I'm seeing that the salt is limited in usable length (contrary to popular assumptions that you should use a "long random string"). For example, here's a session:

>>> from hashids import Hashids
>>> Hashids('12345678901234567890123456789012345678901234').encode(1)
'WJ'
>>> Hashids('1234567890123456789012345678901234567890123').encode(1)
'WJ'
>>> Hashids('123456789012345678901234567890123456789012').encode(1)
'QN'

It doesn't seem to matter what the contents of the salt are, it's always 43 characters.

I can't immediately see the cause of this - it may be something to do with the length of the alphabet (62) minus the length of the separators (14) and something else. It doesn't seem to be dependent on the length of the number encoded (I tried 8, 16,32,64 and 128 bit numbers).

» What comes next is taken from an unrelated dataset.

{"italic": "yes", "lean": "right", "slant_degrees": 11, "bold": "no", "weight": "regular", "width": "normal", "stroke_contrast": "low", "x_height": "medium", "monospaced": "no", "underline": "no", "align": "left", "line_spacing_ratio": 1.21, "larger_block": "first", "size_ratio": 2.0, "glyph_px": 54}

I'm not sure if this is a bug, an undocumented feature or my (mis)understanding, but thought it worth raising as consumers of this library do indeed recommend "a long and secure salt value...". If it is an undocumented feature, some explanation of why 43 characters would probably be helpful.

(edit: By chance, this also happens to be issue #43 :-) )

davidaurelio commented 4 years ago

Good question. I ported this from JS a long time ago. It might make sense to change this behaviour.